WHAT THE TASK REQUIRES - None of the pictures should be copied, though every line of the listing must be printed exactly.

SOURCE MATERIAL -
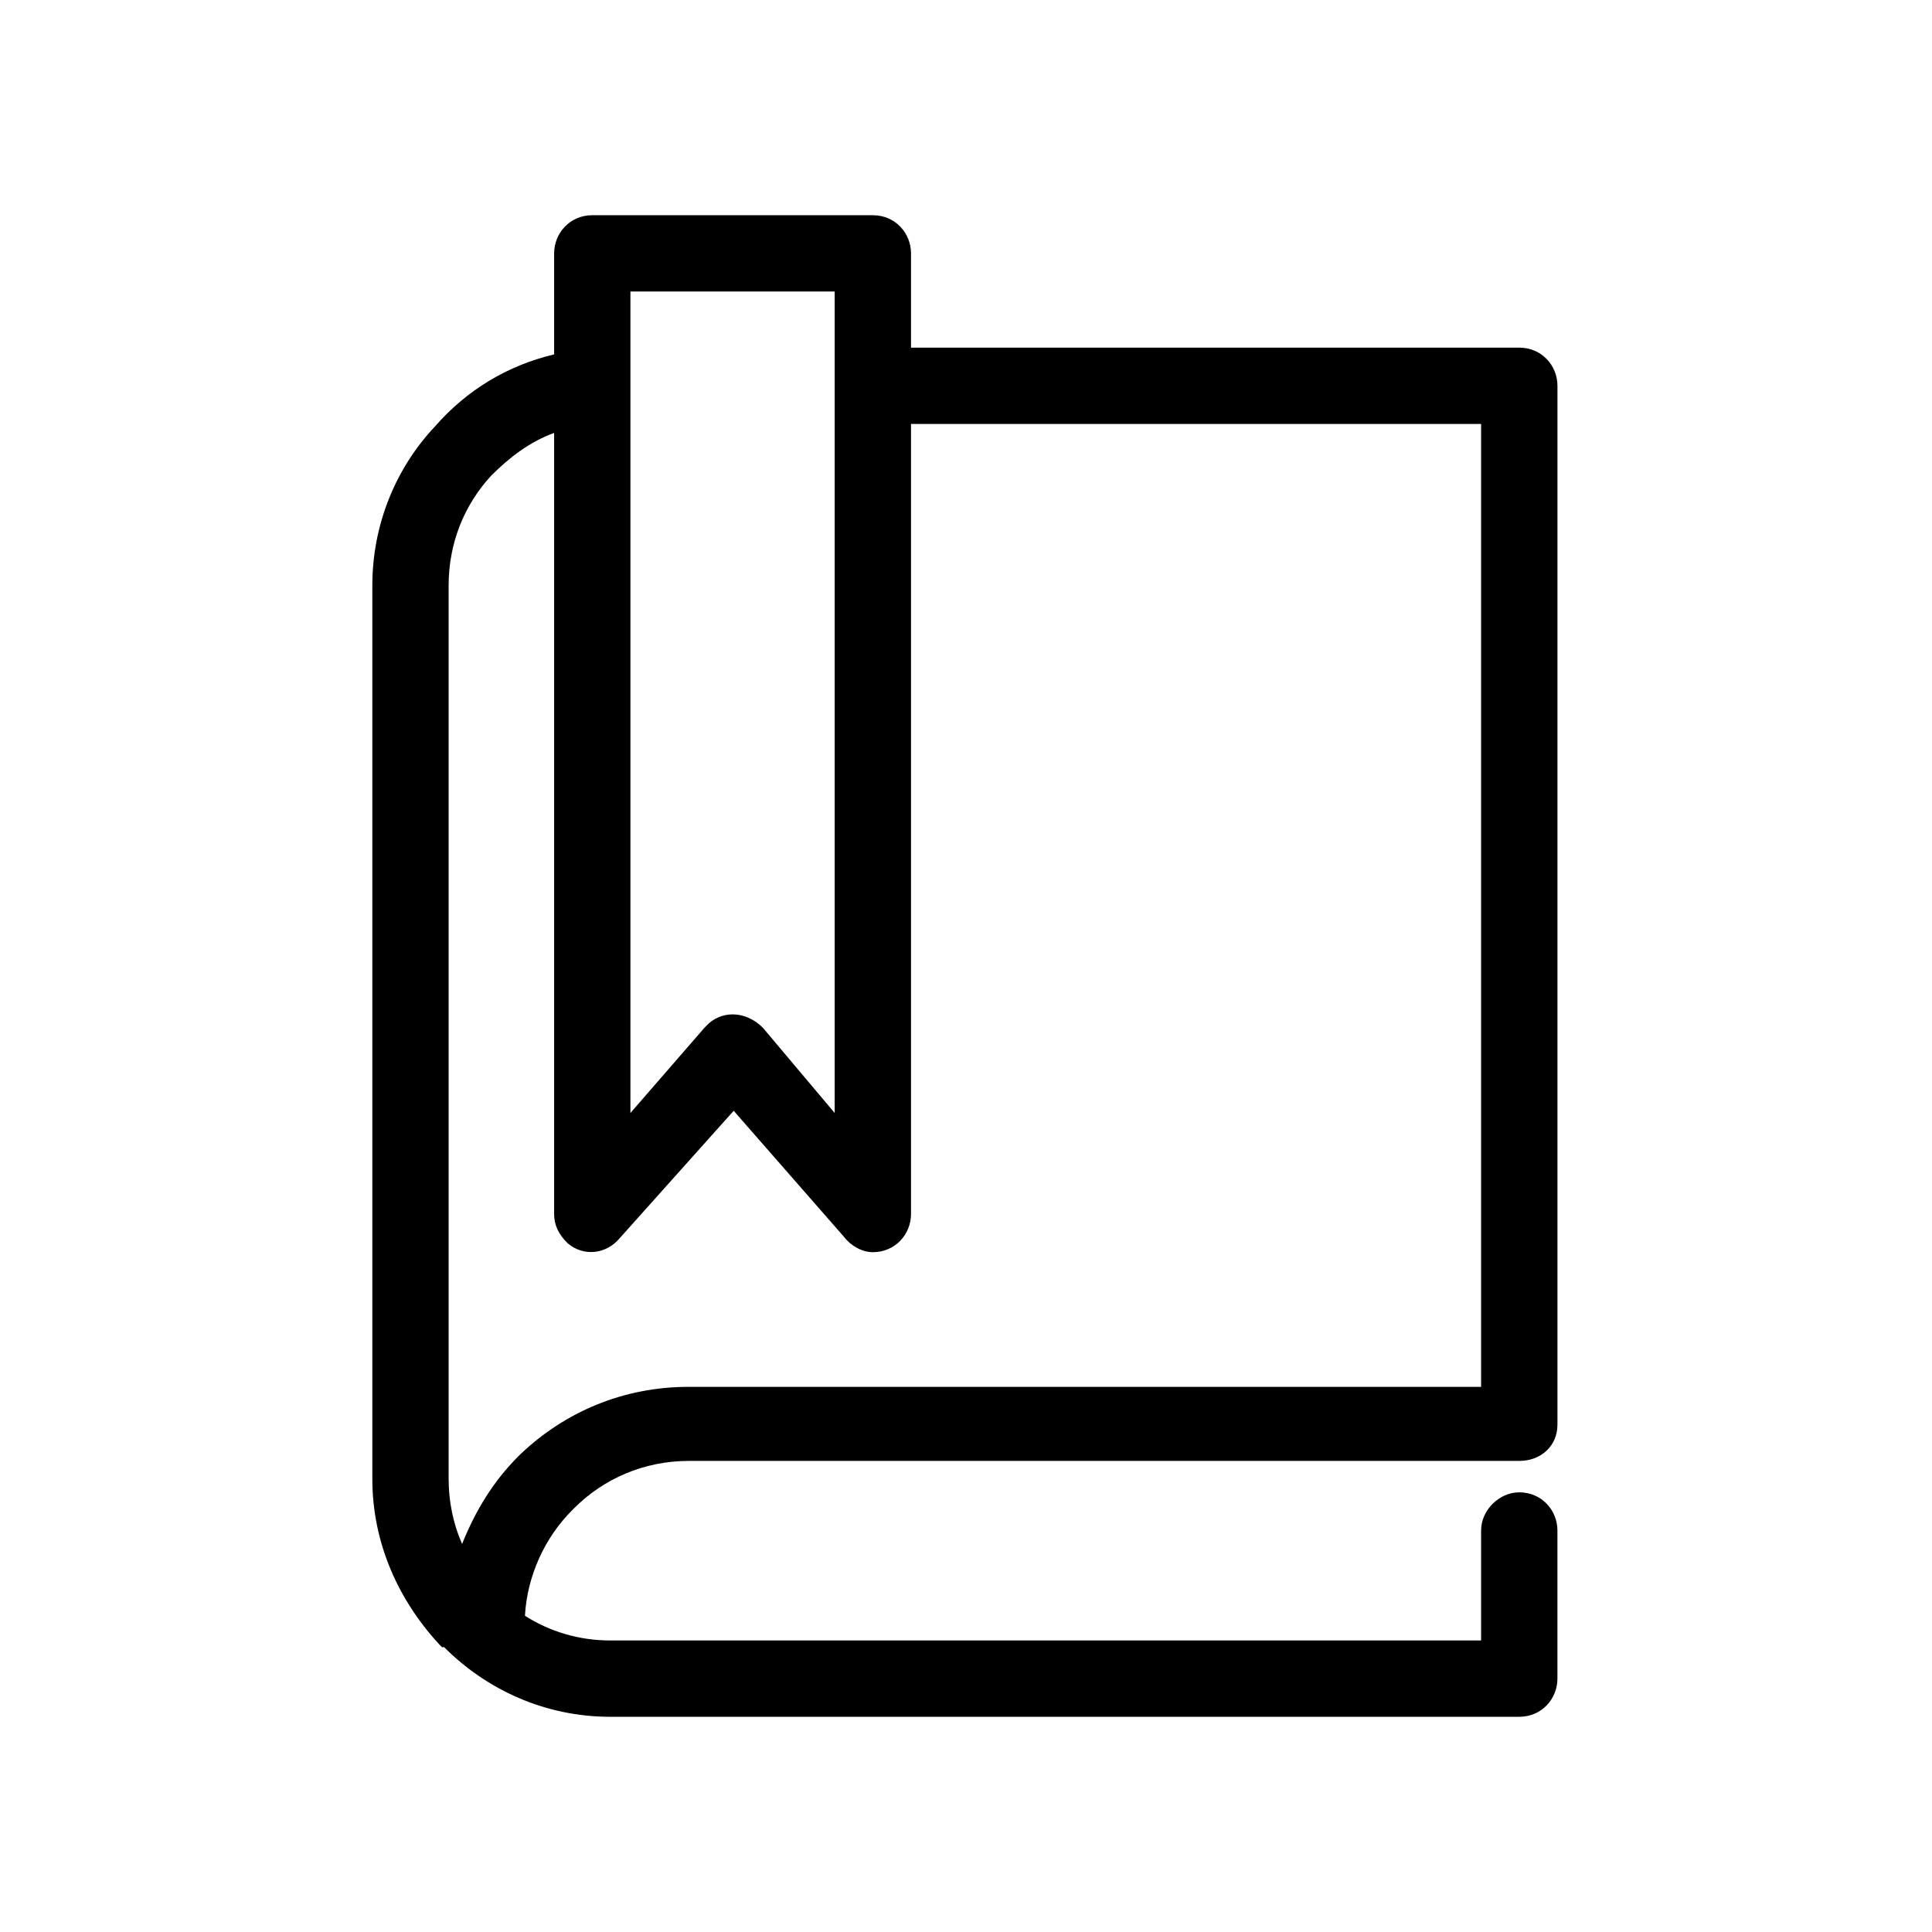 <?xml version="1.0" encoding="UTF-8"?>
<!-- Uploaded to: SVG Repo, www.svgrepo.com, Generator: SVG Repo Mixer Tools -->
<svg fill="#000000" width="800px" height="800px" version="1.1" viewBox="144 144 512 512" xmlns="http://www.w3.org/2000/svg">
 <path d="m556.73 521.64c0 5.352-4.164 9.516-10.113 9.516h-220.08c-11.895 0-22.602 4.758-30.336 12.492l-0.594 0.594c-7.137 7.137-11.895 17.25-12.492 27.957 6.543 4.164 14.277 6.543 22.602 6.543h230.79v-29.145c0-5.352 4.758-10.113 10.113-10.113 5.949 0 10.113 4.758 10.113 10.113v39.258c0 5.352-4.164 10.113-10.113 10.113h-240.9c-17.25 0-32.715-7.137-44.016-18.438h-0.594c-11.301-11.895-18.438-27.363-18.438-44.609v-236.74c0-16.656 6.543-31.523 16.656-42.23 8.328-9.516 19.035-16.059 31.523-19.035v-26.766c0-5.352 4.164-10.113 10.113-10.113h74.352c5.949 0 10.113 4.758 10.113 10.113v24.98h161.2c5.949 0 10.113 4.758 10.113 10.113v275.4zm-20.223-10.113v-255.18h-151.08v209.38c0 5.352-4.164 10.113-10.113 10.113-2.973 0-5.949-1.785-7.734-4.164l-29.145-33.309-30.336 33.906c-3.57 4.164-9.516 4.758-13.68 1.191-2.379-2.379-3.57-4.758-3.57-7.734v-207c-6.543 2.379-11.895 6.543-16.656 11.301-7.137 7.734-11.301 17.844-11.301 29.145v236.74c0 5.949 1.191 11.895 3.57 17.25 3.57-8.922 8.328-16.656 14.871-23.199l0.594-0.594c11.895-11.301 27.363-17.844 44.609-17.844h209.97zm-171.31-290.27h-54.129v217.7l19.629-22.602 1.191-1.191c4.164-3.57 10.113-2.973 14.277 1.191l19.035 22.602v-217.7z"/>
</svg>

ANSWER TO THE EXERCISE -
 <?xml version="1.0" encoding="UTF-8"?>
<!-- Uploaded to: SVG Repo, www.svgrepo.com, Generator: SVG Repo Mixer Tools -->
<svg fill="#000000" width="800px" height="800px" version="1.1" viewBox="144 144 512 512" xmlns="http://www.w3.org/2000/svg">
 <path d="m556.73 521.64c0 5.352-4.164 9.516-10.113 9.516h-220.08c-11.895 0-22.602 4.758-30.336 12.492l-0.594 0.594c-7.137 7.137-11.895 17.25-12.492 27.957 6.543 4.164 14.277 6.543 22.602 6.543h230.79v-29.145c0-5.352 4.758-10.113 10.113-10.113 5.949 0 10.113 4.758 10.113 10.113v39.258c0 5.352-4.164 10.113-10.113 10.113h-240.9c-17.25 0-32.715-7.137-44.016-18.438h-0.594c-11.301-11.895-18.438-27.363-18.438-44.609v-236.74c0-16.656 6.543-31.523 16.656-42.23 8.328-9.516 19.035-16.059 31.523-19.035v-26.766c0-5.352 4.164-10.113 10.113-10.113h74.352c5.949 0 10.113 4.758 10.113 10.113v24.98h161.2c5.949 0 10.113 4.758 10.113 10.113v275.4zm-20.223-10.113v-255.18h-151.08v209.38c0 5.352-4.164 10.113-10.113 10.113-2.973 0-5.949-1.785-7.734-4.164l-29.145-33.309-30.336 33.906c-3.57 4.164-9.516 4.758-13.68 1.191-2.379-2.379-3.57-4.758-3.57-7.734v-207c-6.543 2.379-11.895 6.543-16.656 11.301-7.137 7.734-11.301 17.844-11.301 29.145v236.74c0 5.949 1.191 11.895 3.57 17.25 3.57-8.922 8.328-16.656 14.871-23.199l0.594-0.594c11.895-11.301 27.363-17.844 44.609-17.844h209.97zm-171.31-290.27h-54.129v217.7l19.629-22.602 1.191-1.191c4.164-3.57 10.113-2.973 14.277 1.191l19.035 22.602v-217.7z"/>
</svg>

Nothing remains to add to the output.